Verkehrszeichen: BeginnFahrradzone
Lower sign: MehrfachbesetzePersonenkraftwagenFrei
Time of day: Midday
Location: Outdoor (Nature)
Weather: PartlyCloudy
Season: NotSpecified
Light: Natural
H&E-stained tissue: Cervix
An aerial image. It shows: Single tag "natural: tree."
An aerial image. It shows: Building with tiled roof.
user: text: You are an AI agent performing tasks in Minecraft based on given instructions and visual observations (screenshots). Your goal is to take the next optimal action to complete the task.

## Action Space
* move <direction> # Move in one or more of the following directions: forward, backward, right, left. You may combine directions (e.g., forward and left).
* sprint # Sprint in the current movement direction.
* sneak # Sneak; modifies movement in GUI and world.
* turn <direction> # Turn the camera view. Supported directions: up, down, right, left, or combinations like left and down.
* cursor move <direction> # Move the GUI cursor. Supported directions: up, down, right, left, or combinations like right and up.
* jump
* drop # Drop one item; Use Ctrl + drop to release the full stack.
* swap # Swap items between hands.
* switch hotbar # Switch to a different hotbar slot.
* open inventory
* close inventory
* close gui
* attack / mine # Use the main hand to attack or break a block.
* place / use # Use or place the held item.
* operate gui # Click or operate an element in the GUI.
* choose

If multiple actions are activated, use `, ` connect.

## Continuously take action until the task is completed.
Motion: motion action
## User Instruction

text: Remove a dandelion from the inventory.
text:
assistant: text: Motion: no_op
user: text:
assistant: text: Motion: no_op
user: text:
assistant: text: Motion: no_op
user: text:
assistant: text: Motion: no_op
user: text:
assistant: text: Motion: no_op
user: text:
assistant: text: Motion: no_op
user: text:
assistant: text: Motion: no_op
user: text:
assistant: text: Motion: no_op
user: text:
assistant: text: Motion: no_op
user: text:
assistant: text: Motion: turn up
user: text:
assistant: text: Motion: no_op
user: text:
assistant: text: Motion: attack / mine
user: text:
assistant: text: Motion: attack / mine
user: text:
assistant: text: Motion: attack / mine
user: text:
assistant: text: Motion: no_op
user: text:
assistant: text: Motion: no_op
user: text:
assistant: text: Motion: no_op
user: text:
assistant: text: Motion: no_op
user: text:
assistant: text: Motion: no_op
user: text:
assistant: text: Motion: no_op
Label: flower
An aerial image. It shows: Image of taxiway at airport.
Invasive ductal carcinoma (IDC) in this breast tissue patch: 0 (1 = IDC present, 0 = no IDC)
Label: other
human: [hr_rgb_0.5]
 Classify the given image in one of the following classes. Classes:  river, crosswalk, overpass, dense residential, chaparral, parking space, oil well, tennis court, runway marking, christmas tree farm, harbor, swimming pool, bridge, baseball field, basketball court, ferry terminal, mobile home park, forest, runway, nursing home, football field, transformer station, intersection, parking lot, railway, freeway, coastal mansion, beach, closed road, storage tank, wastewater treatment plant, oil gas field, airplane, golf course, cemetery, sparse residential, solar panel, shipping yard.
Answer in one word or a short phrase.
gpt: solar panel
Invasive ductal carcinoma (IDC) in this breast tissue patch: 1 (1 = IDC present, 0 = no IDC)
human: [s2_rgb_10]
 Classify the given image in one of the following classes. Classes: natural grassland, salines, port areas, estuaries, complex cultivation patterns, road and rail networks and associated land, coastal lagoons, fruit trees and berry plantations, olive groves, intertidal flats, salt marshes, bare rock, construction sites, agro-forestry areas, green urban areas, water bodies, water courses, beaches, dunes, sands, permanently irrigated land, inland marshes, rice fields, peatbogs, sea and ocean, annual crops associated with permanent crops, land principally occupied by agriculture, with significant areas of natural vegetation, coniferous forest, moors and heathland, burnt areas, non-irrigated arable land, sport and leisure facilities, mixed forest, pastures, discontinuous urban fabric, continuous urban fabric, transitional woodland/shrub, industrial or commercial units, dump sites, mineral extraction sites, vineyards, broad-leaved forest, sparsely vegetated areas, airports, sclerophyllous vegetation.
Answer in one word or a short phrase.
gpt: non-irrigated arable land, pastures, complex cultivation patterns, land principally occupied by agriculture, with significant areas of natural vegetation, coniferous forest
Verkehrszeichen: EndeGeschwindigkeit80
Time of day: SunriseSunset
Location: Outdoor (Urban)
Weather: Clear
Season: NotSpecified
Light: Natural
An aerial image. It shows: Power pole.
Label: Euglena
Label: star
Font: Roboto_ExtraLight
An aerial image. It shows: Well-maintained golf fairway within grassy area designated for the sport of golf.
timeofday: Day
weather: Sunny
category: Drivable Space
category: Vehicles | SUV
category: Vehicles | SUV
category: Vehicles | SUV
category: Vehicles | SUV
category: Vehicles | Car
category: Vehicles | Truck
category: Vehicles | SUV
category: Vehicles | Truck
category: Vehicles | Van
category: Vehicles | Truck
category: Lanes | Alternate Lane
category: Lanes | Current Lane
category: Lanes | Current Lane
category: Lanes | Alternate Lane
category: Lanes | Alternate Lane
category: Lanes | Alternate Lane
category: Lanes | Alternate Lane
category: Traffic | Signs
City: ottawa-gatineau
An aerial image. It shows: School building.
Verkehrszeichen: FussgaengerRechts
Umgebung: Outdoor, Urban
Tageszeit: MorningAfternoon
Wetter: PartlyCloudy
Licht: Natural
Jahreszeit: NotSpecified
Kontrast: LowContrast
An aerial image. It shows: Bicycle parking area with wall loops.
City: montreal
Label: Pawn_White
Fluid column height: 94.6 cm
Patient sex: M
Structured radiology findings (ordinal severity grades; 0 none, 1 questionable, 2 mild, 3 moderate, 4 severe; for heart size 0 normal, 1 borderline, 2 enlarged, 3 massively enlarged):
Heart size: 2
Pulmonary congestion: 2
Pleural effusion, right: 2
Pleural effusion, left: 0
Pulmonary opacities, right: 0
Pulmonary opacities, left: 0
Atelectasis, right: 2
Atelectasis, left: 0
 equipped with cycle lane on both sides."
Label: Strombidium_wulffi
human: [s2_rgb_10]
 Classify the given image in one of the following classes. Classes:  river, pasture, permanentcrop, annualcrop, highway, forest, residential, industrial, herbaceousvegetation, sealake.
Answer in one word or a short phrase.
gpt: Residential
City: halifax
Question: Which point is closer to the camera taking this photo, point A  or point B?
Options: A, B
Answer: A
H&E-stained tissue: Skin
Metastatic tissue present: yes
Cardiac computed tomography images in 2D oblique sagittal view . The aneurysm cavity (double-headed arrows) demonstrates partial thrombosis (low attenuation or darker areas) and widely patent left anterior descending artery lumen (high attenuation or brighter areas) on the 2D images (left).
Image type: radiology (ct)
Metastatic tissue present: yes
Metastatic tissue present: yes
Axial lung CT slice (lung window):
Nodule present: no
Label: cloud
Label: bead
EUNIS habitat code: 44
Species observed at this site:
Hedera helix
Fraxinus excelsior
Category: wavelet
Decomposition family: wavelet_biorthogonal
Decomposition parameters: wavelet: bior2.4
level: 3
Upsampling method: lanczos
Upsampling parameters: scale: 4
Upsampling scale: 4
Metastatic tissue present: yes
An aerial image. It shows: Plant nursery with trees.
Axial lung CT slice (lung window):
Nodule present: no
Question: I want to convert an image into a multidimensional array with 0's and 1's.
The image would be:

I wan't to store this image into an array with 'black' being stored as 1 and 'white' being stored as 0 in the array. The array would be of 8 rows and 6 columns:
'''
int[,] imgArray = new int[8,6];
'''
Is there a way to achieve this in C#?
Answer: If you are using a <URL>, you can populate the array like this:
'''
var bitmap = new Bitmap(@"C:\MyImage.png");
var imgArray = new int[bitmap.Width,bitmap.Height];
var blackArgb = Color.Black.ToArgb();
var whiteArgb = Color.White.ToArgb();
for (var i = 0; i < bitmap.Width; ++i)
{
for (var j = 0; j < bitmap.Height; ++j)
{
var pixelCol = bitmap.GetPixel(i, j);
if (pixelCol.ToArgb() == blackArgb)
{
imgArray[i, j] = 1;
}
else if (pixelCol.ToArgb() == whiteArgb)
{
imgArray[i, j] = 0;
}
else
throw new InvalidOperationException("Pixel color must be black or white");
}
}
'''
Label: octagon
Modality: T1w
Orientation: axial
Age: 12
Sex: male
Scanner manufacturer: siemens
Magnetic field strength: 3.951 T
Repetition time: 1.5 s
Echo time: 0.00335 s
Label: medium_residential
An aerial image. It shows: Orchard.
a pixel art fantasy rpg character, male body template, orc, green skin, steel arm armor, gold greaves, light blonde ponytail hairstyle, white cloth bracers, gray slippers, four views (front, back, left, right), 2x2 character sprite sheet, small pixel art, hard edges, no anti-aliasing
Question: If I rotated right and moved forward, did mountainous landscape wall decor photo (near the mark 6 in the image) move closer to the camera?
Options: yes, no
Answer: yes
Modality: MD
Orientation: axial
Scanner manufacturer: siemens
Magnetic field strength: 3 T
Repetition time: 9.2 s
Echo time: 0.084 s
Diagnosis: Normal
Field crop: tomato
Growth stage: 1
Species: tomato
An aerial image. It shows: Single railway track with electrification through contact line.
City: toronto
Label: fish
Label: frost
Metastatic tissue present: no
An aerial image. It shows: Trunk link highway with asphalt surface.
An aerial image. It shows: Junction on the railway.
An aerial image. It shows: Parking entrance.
-----
Work task » Go through the listing above and return each line where the word "Supported" occurs.

The answer »
* turn <direction> # Turn the camera view. Supported directions: up, down, right, left, or combinations like left and down.
* cursor move <direction> # Move the GUI cursor. Supported directions: up, down, right, left, or combinations like right and up.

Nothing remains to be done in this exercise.